# Entries supplied:
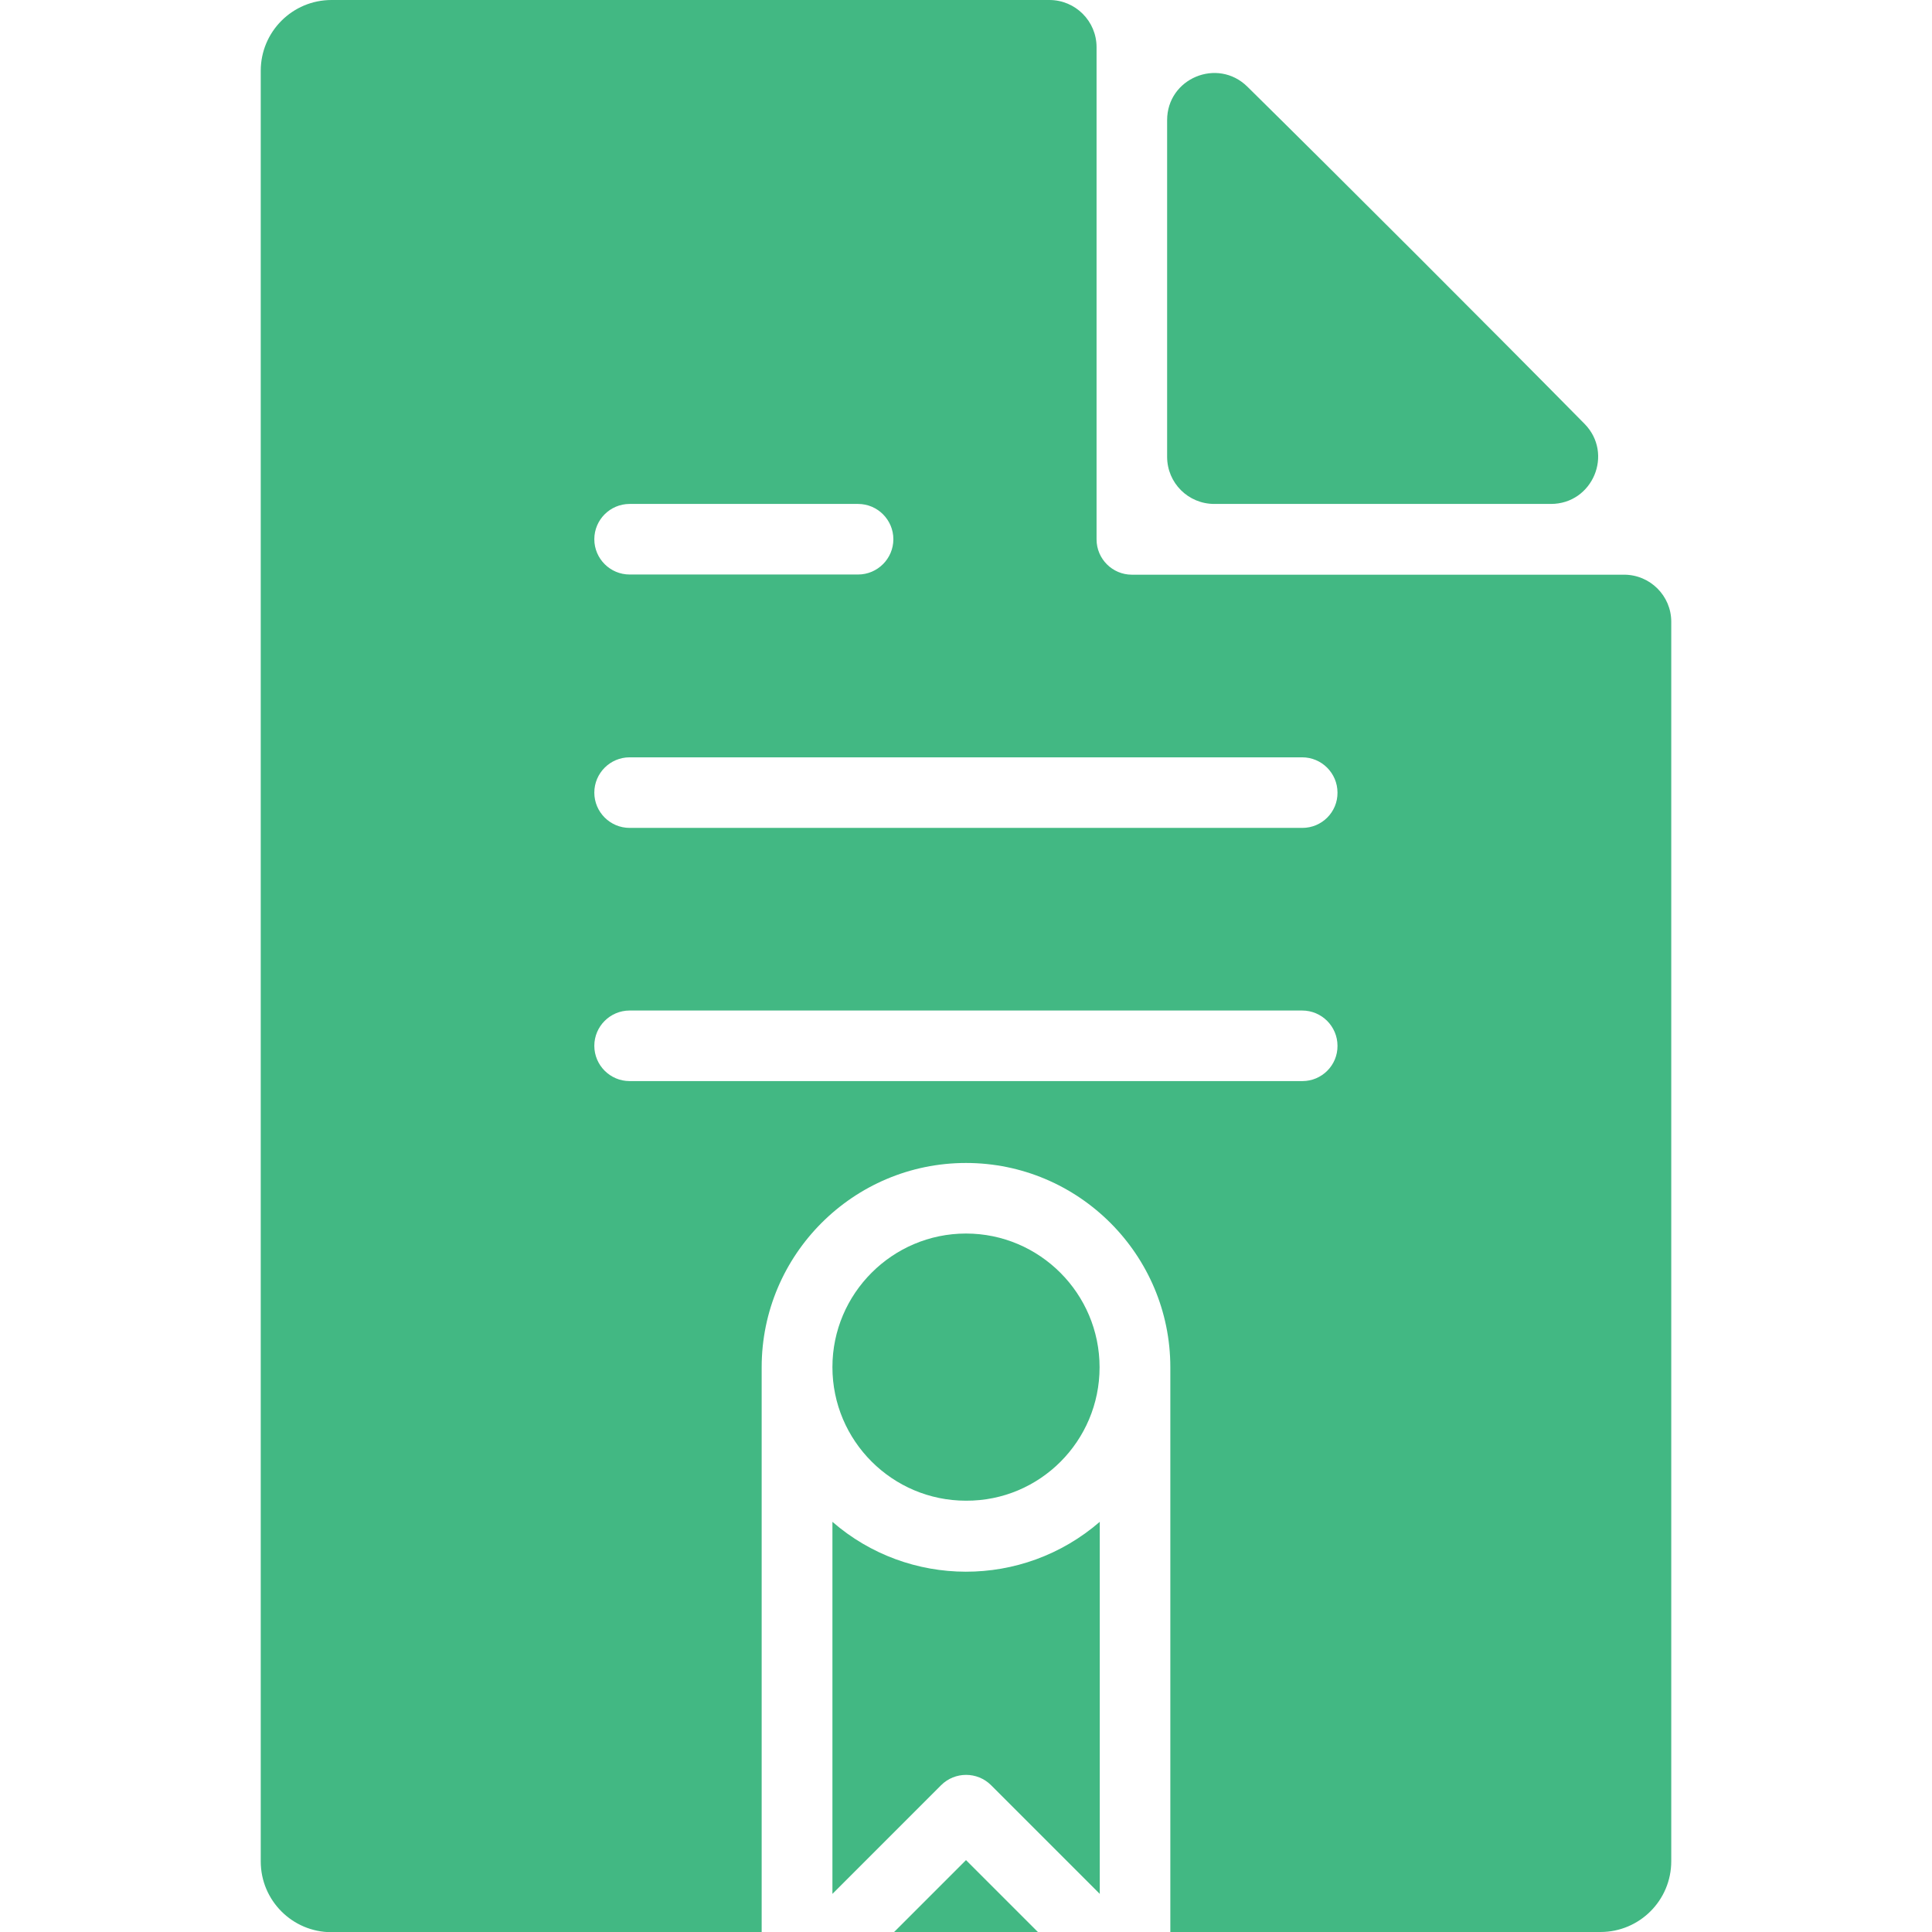 <svg width="387" height="387" viewBox="0 0 387 387" fill="none" xmlns="http://www.w3.org/2000/svg">
<g clip-path="url(#clip0_46_402)">
<path d="M243.235 100.945H310.658C319.048 100.945 323.281 90.854 317.385 84.883C299.018 66.251 268.519 35.752 249.849 17.347C243.878 11.489 233.787 15.684 233.787 24.074V91.497C233.787 96.75 238.02 100.945 243.235 100.945Z" fill="#42B883"/>
<path d="M220.257 273.886C220.257 259.109 208.239 247.09 193.5 247.09C178.761 247.09 166.743 259.109 166.743 273.848C166.743 288.625 178.761 300.605 193.5 300.605C208.277 300.681 220.257 288.663 220.257 273.886Z" fill="#42B883"/>
<path d="M166.743 304.838V379.366L188.511 357.597C191.27 354.838 195.768 354.838 198.526 357.597L220.295 379.366V304.838C204.838 318.217 182.011 318.103 166.743 304.838Z" fill="#42B883"/>
<path d="M325.322 115.117H226.72C222.827 115.117 219.653 111.943 219.653 108.05V9.448C219.653 4.233 215.42 0 210.204 0H66.402C58.579 0 52.23 6.349 52.23 14.172V372.865C52.23 380.689 58.579 387.038 66.402 387.038H152.57V273.886C152.57 251.323 170.938 232.956 193.5 232.956C216.062 232.956 234.43 251.323 234.43 273.886V387H320.598C328.421 387 334.77 380.651 334.77 372.828V124.528C334.77 119.35 330.537 115.117 325.322 115.117ZM126.115 100.945H171.882C175.775 100.945 178.95 104.12 178.95 108.012C178.95 111.905 175.775 115.08 171.882 115.08H126.115C122.222 115.08 119.048 111.905 119.048 108.012C119.048 104.12 122.222 100.945 126.115 100.945ZM260.885 216.554H126.115C122.222 216.554 119.048 213.379 119.048 209.486C119.048 205.594 122.222 202.419 126.115 202.419H260.847C264.74 202.419 267.914 205.594 267.914 209.486C267.952 213.379 264.778 216.554 260.885 216.554ZM260.885 165.836H126.115C122.222 165.836 119.048 162.661 119.048 158.768C119.048 154.876 122.222 151.701 126.115 151.701H260.847C264.74 151.701 267.914 154.876 267.914 158.768C267.952 162.661 264.778 165.836 260.885 165.836Z" fill="#42B883"/>
<path d="M179.101 387H207.899L193.5 372.601L179.101 387Z" fill="#42B883"/>
</g>
<defs>
<clipPath id="clip0_46_402">
<rect width="387" height="387" fill="white"/>
</clipPath>
</defs>
</svg>
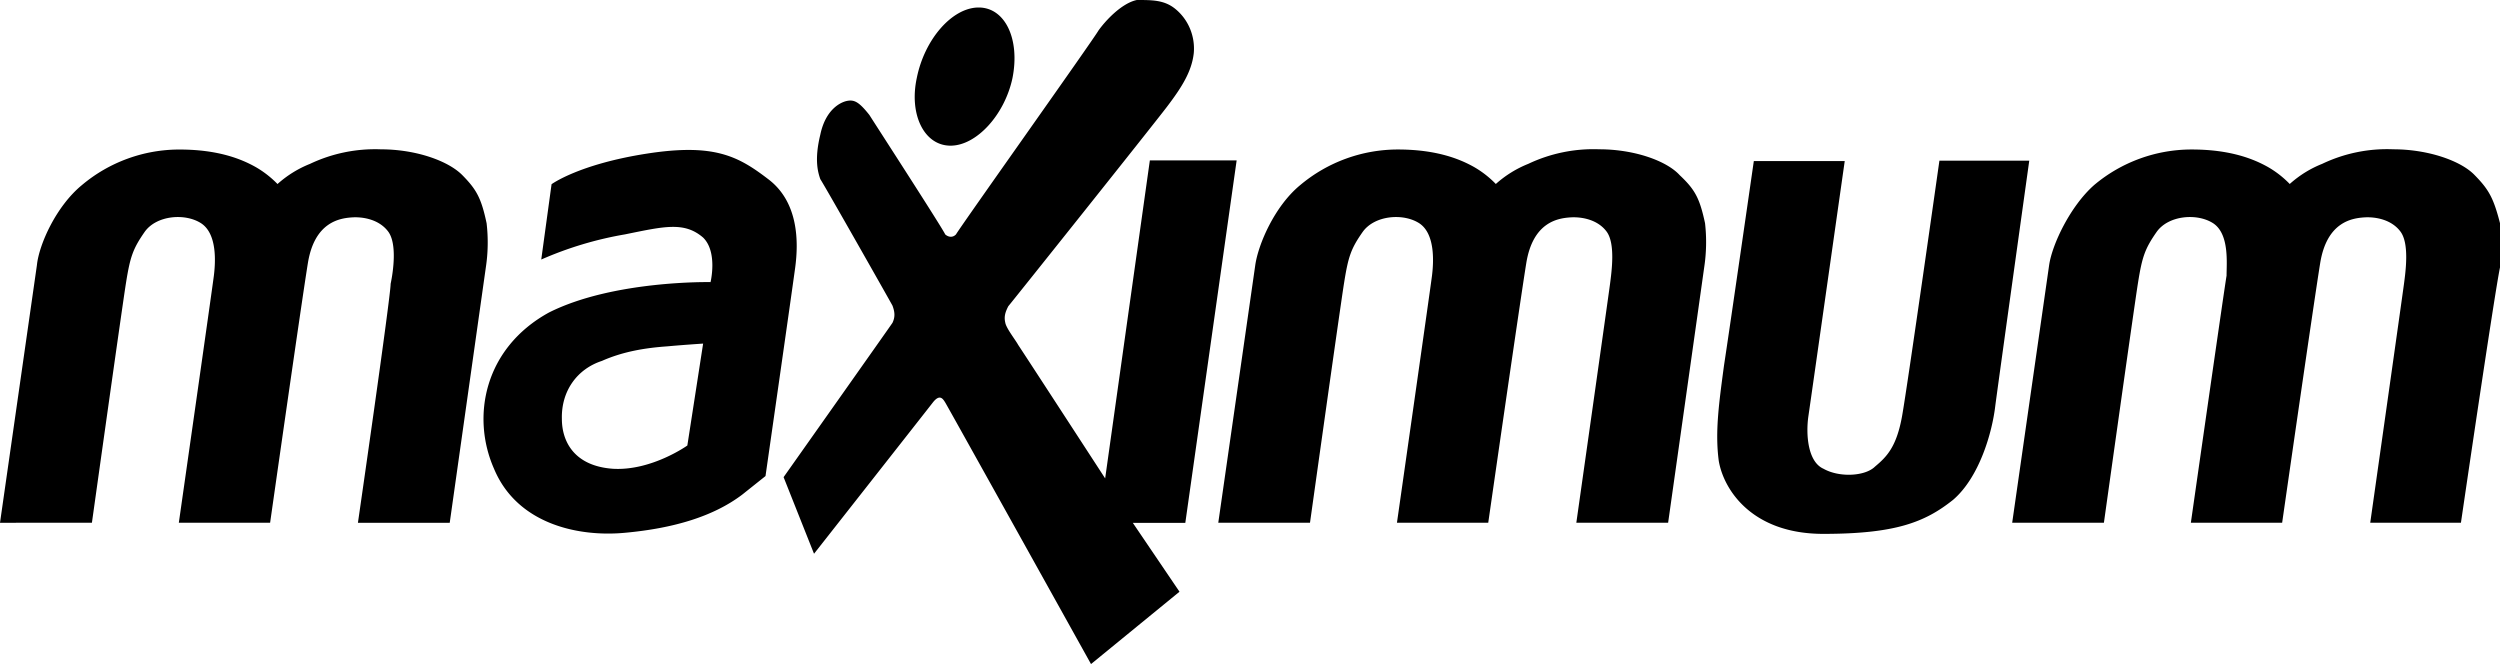 <svg xmlns="http://www.w3.org/2000/svg" width="64" height="17" viewBox="0 0 64 17"><g><g><path d="M51.512 13.382l.946-6.596c.078-.533.542-1.509 1.15-2.047a3.872 3.872 0 0 1 2.501-.912c1.012 0 1.606.256 1.948.447.206.118.395.265.56.436.246-.22.526-.395.83-.515a3.851 3.851 0 0 1 1.82-.373c.891 0 1.733.293 2.085.662.363.369.484.59.648 1.23v1.133c-.142.67-1 6.535-1 6.535h-2.322s.82-5.78.864-6.115c.044-.334.138-1.031-.089-1.337-.226-.306-.633-.386-.94-.364-.309.023-.946.12-1.116 1.168-.17 1.049-.974 6.648-.974 6.648h-2.337s.858-6.006.914-6.324c0-.318.075-1.058-.336-1.338-.412-.272-1.156-.21-1.457.221-.301.432-.369.641-.474 1.298-.105.657-.873 6.143-.873 6.143zm-6.614-9.258h2.327s-.863 6.075-.93 6.529c-.066.454-.022 1.166.386 1.347.407.23 1.067.194 1.319-.055.298-.25.55-.499.693-1.292.142-.794.956-6.54.956-6.54h2.3s-.781 5.598-.87 6.278c-.079.68-.406 1.826-1.079 2.404-.725.579-1.488.872-3.325.872-1.836 0-2.552-1.14-2.675-1.87-.096-.731 0-1.439.134-2.437.153-.999.764-5.238.764-5.238zm-13.71 9.258l.947-6.596c.077-.533.495-1.509 1.15-2.047a3.89 3.89 0 0 1 2.5-.912c1.012 0 1.607.256 1.948.447.206.118.395.265.56.436.246-.22.527-.394.83-.515a3.893 3.893 0 0 1 1.821-.373c.89 0 1.72.293 2.056.662.392.369.512.59.649 1.23.043.377.035.759-.022 1.133-.093.67-.923 6.535-.923 6.535h-2.35s.82-5.78.863-6.115c.043-.334.138-1.031-.087-1.337-.226-.306-.633-.386-.941-.364-.309.023-.946.12-1.116 1.168-.17 1.049-.974 6.648-.974 6.648h-2.337s.858-6.006.897-6.324c.039-.318.093-1.058-.319-1.338-.412-.272-1.155-.21-1.458.221-.303.432-.368.641-.473 1.298-.105.657-.873 6.143-.873 6.143zM20.06 12.215s2.732-3.865 2.787-3.95c.067-.14.067-.265 0-.442C22.77 7.68 21.11 4.75 21 4.586c-.056-.163-.16-.486 0-1.139.136-.652.527-.84.703-.867.175-.029.297.04.553.363.205.323 1.87 2.895 1.941 3.057.072.066.187.095.277 0 .09-.167 3.526-5 3.645-5.216.164-.233.583-.699.984-.784.4 0 .705 0 .985.228.332.27.51.694.473 1.128-.05.464-.297.866-.691 1.383-.394.517-3.965 4.992-4.057 5.1-.084.161-.112.275-.078.42.022.142.265.448.33.57.083.12 2.227 3.418 2.227 3.418l1.144-8.14h2.222l-1.314 9.278H29l1.195 1.763L27.93 17s-3.673-6.602-3.731-6.694c-.058-.093-.139-.233-.32 0-.18.232-3.04 3.87-3.04 3.87zM23.469 2c.199-1 .91-1.808 1.585-1.808.676 0 1.064.808.865 1.808-.199.936-.919 1.729-1.585 1.729-.676 0-1.064-.796-.865-1.729zM14.12 4.716s.691-.51 2.431-.782c1.74-.272 2.35.066 3.123.658.774.59.77 1.61.683 2.257-.087.646-.76 5.338-.76 5.338l-.597.476c-.734.555-1.746.861-3 .976-1.186.113-2.76-.217-3.353-1.639-.593-1.344-.242-3.095 1.407-4 1.649-.83 4.136-.778 4.136-.778s.187-.77-.19-1.14c-.483-.416-1-.285-2-.082a9.156 9.156 0 0 0-2.144.644zM18 8.796s-.537.035-.91.07c-.576.04-1.142.134-1.683.374-.624.204-1.041.76-1.023 1.484 0 .57.308 1.202 1.298 1.276.99.063 1.914-.595 1.914-.595zM0 13.383l.945-6.596c.055-.533.495-1.509 1.15-2.047a3.872 3.872 0 0 1 2.501-.912c1.012 0 1.606.256 1.947.447.206.118.395.265.561.436.246-.22.526-.394.83-.515a3.887 3.887 0 0 1 1.82-.373c.89 0 1.72.293 2.083.662.364.369.484.59.62 1.23.044.377.037.758-.02 1.133l-.924 6.535h-2.35S10 7.602 10 7.267c.071-.334.165-1.031-.061-1.337-.227-.306-.633-.386-.939-.364-.308.023-.948.12-1.118 1.168-.17 1.049-.967 6.648-.967 6.648H4.578s.858-6.006.897-6.324C5.514 6.74 5.57 6 5.155 5.72 4.744 5.448 4 5.51 3.7 5.941c-.3.432-.369.641-.474 1.298-.105.657-.873 6.143-.873 6.143z"/></g></g></svg>

# Goal of the exercise:
Exact repetition required: repeat the first line of the listing above, the line containing "304.838V379.366L188.511 357.597C191.27 354.838", and every line between, leaving out pictures.

# Output for this task:
 <svg width="387" height="387" viewBox="0 0 387 387" fill="none" xmlns="http://www.w3.org/2000/svg">
<g clip-path="url(#clip0_46_402)">
<path d="M243.235 100.945H310.658C319.048 100.945 323.281 90.854 317.385 84.883C299.018 66.251 268.519 35.752 249.849 17.347C243.878 11.489 233.787 15.684 233.787 24.074V91.497C233.787 96.75 238.02 100.945 243.235 100.945Z" fill="#42B883"/>
<path d="M220.257 273.886C220.257 259.109 208.239 247.09 193.5 247.09C178.761 247.09 166.743 259.109 166.743 273.848C166.743 288.625 178.761 300.605 193.5 300.605C208.277 300.681 220.257 288.663 220.257 273.886Z" fill="#42B883"/>
<path d="M166.743 304.838V379.366L188.511 357.597C191.27 354.838 195.768 354.838 198.526 357.597L220.295 379.366V304.838C204.838 318.217 182.011 318.103 166.743 304.838Z" fill="#42B883"/>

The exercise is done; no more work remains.